SET BLASTER=A220 I5 D1 H5 P330 E620 T6


Without asking Google, how many of you can tell me what any of the parameters in today’s blog title mean? If you’re at all familiar with it, you’ll be able to get at least three. I remembered five of them, myself. If you know all seven, you are a true old-school god.

These days you don’t need to know anything about the hardware in your machine, especially if the machine comes with Windows pre-installed. If you build it yourself, you may need to know the names of the pieces so you can find drivers, but you never need to know the interrupts and hardware addresses being used by the hardware. PnP no longer means Plug and Pray. Except in very very arcane situations, nobody ever needs to move a jumper.

If you gave today’s computer whiz kids all the parts to build a Pentium-166 and the all the right disks, how many of them would be able to get it put together, get DOS installed, and get it to play a network game of Doom II with sound?

So you won’t have to scour the Internet trying to figure out the inner workings of the BLASTER environment variable, here is an excerpt from the SoundBlaster AWE32 readme file:

   BLASTER environment variable

   The BLASTER environment variable specifies the base I/O address,
   interrupt number and DMA channel hardware configuration of the
   Sound Blaster AWE32.  The command for setting the BLASTER environment
   variable is as follows:


             SET BLASTER=A220 I5 D1 H5 P330 E620 T6

     Where:
         Axxx  Specifies the Sound Blaster AWE32 base I/O address.
               xxx can be 220, 240, 260, or 280.
         Ix    Specifies the interrupt request line.  x can be 2, 5,
               7, or 10.
         Dx    Specifies the Low DMA channel.  x can be 0, 1, or 3.
         Hx    Specifies the High DMA channel.  x can be 5, 6, or 7.
         Pxxx  Specifies the MPU-401 interface base I/O address.  xxx
               can be 300 or 330.
         Exxx  Specifies the Advanced WavEffects chip's base I/O
               address. xxx can be 620, 640, 660, or 680.
         Tx    Specifies the card type.  x must be 6.

4 responses to “SET BLASTER=A220 I5 D1 H5 P330 E620 T6”

  1. Geez, grampa, easy on the “uphill both ways” talk. Oh, and wtf is ‘dos’ anyway, some kinda ancient PunkBuster program? Doom is that game based on the movie starring Teh Rox0rz, right?

  2. I think you’re a little older than the ‘whiz kids’ I was thinking about, Seth. 🙂 I’m talking about kids of 15 or 16 who’ve been toying with computers since they were very young. I’m going to create a separate post about “my” first computer.

    I didn’t know there was a movie! Thanks for the tip! That’s coming out really soon, too.

    It would be amusing if they came out with movies with these titles over the next few years:

    Doom II
    Final Doom
    Quake
    Quake II
    Quake 3 Team Arena

    At some point, they would have to do something like “Return to Castle Wolfenstein” as a prequel.

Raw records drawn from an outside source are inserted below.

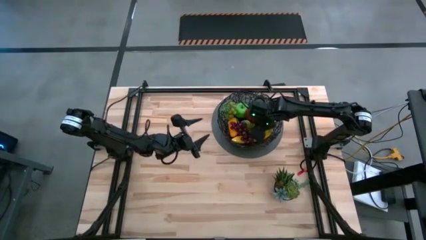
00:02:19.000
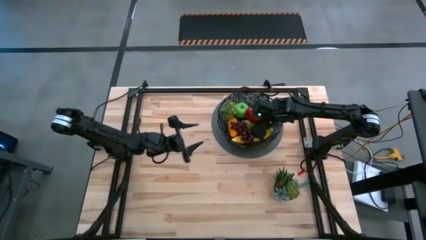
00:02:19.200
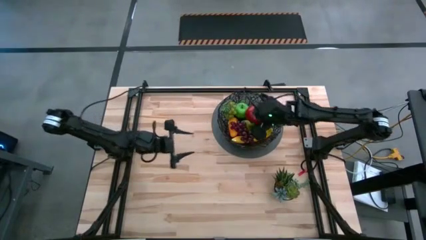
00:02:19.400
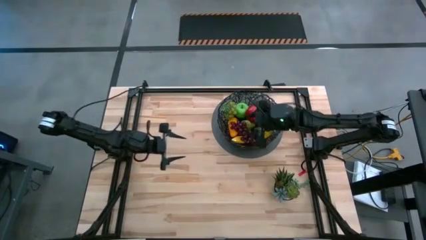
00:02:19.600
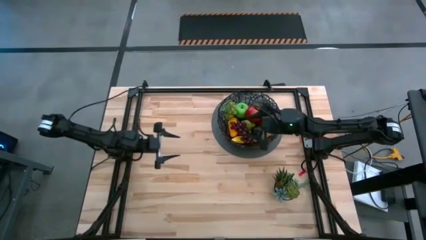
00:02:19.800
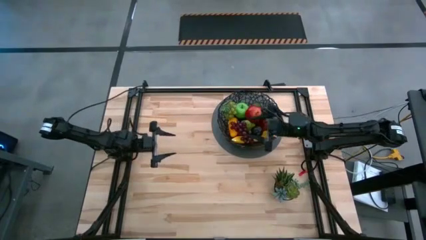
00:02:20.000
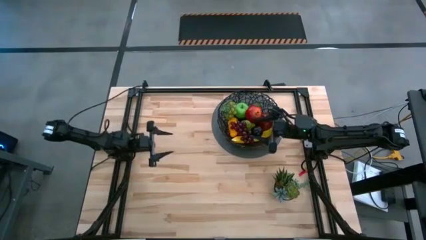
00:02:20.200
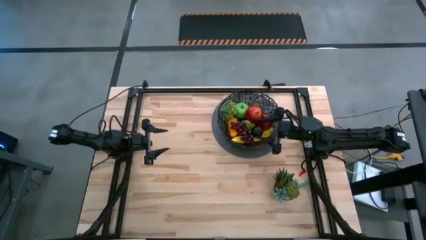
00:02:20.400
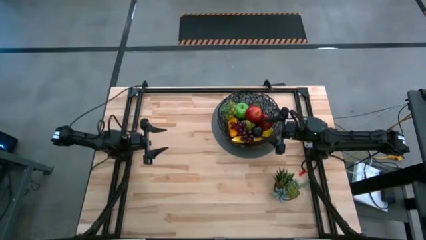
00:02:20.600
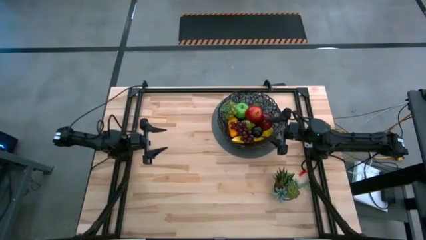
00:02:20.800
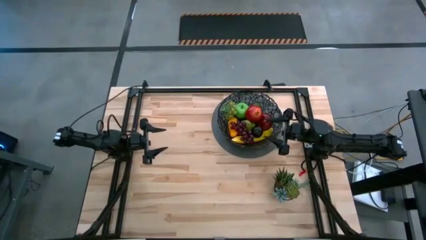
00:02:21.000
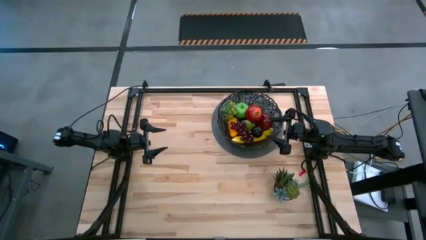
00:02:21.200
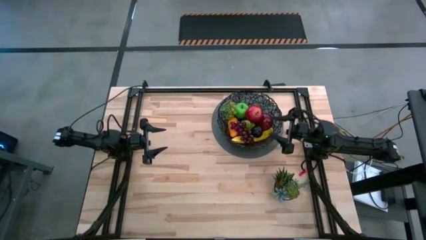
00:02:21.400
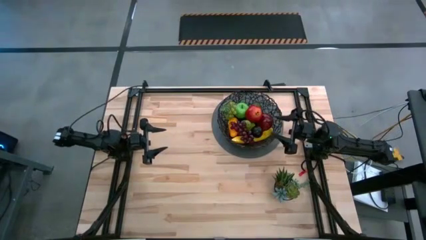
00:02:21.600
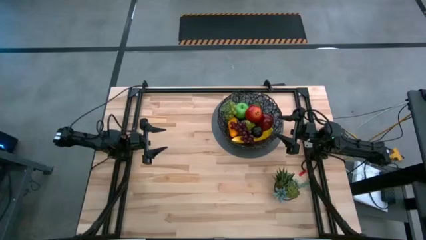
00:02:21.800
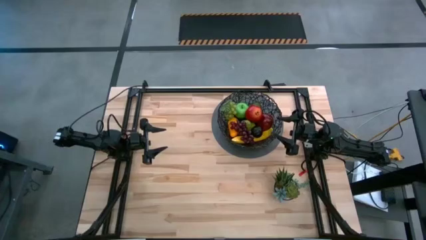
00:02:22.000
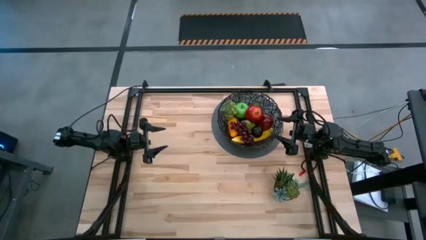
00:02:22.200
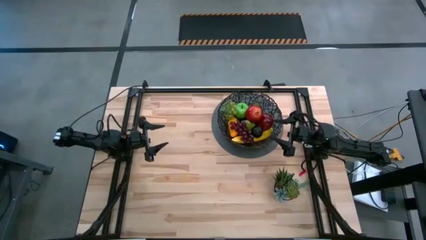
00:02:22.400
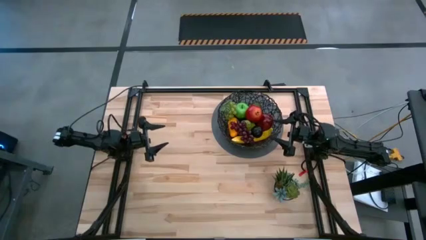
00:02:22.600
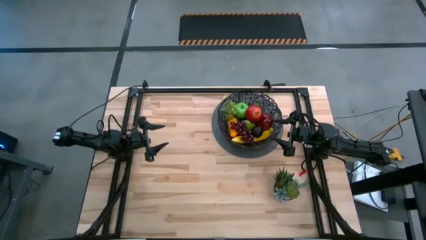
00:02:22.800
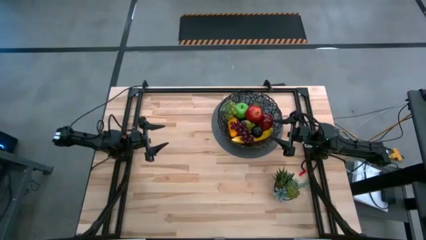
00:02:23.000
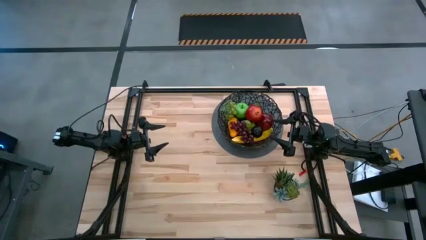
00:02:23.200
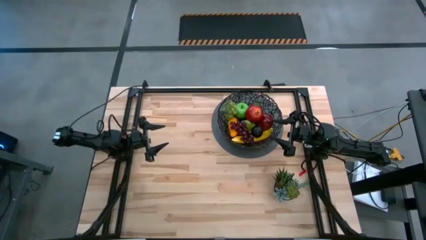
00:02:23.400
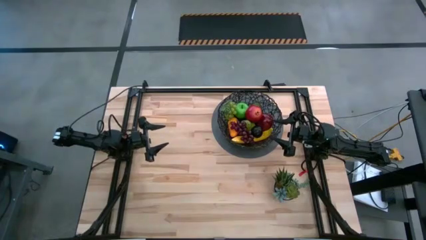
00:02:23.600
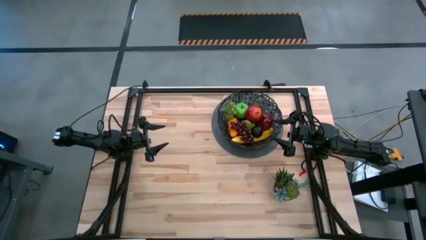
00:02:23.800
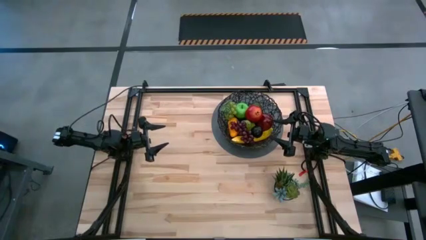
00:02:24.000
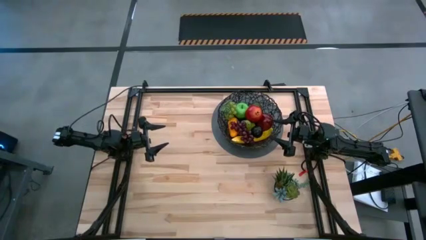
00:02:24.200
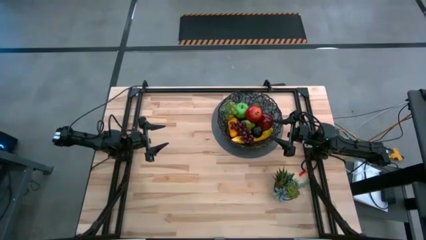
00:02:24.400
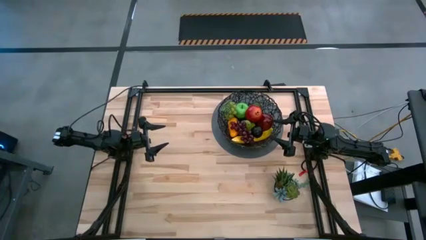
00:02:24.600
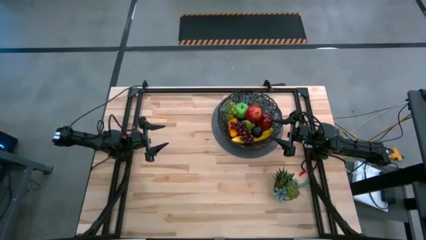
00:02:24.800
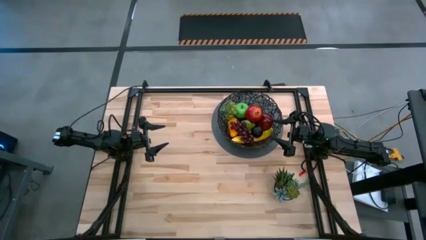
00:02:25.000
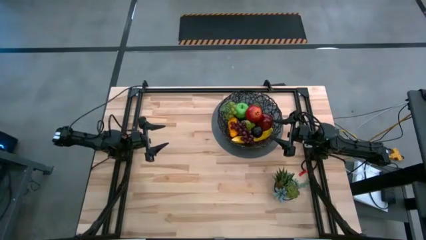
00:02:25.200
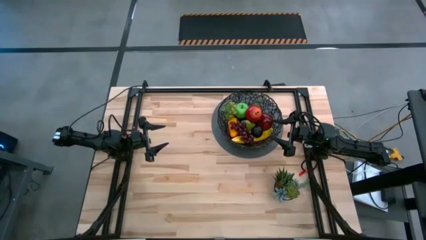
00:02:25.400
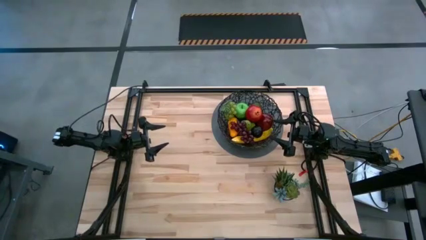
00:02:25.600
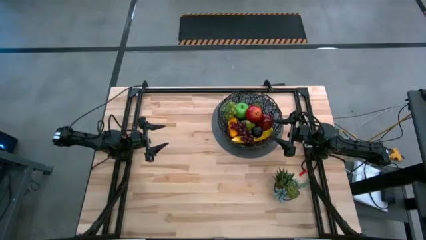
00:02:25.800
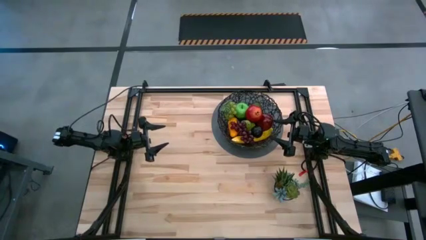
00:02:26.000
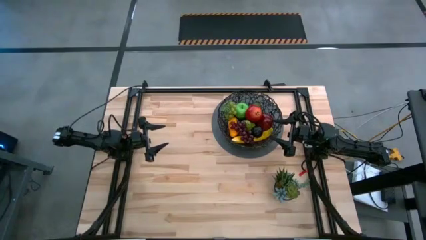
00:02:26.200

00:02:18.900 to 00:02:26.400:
Return to Home Position

    As for the grampa stuff … I have a 13 year old daughter. I could be a grampa sometime in the next 5 years. I really hope I’m not, as it would be better for my kids to be “grown up” before they have kids.

  3. I got 4 of them and, if I may date myself, only the first three were required on the very first and original SoundBlaster card (which I still have somewhere in my basement).

    I would like to see a movie made about Descent.

    Remember that the SoundBlaster was not the best sound card available? What about my Gravis Ultrasound that I pimped out with 2MB of RAM! Now THAT was a sound card!

  4. I loved my GUSMAX. Because of the card’s design everything that supported it natively would run much faster because it wasn’t using the main processor to mix sounds.

    Now of course that’s the way they all do it.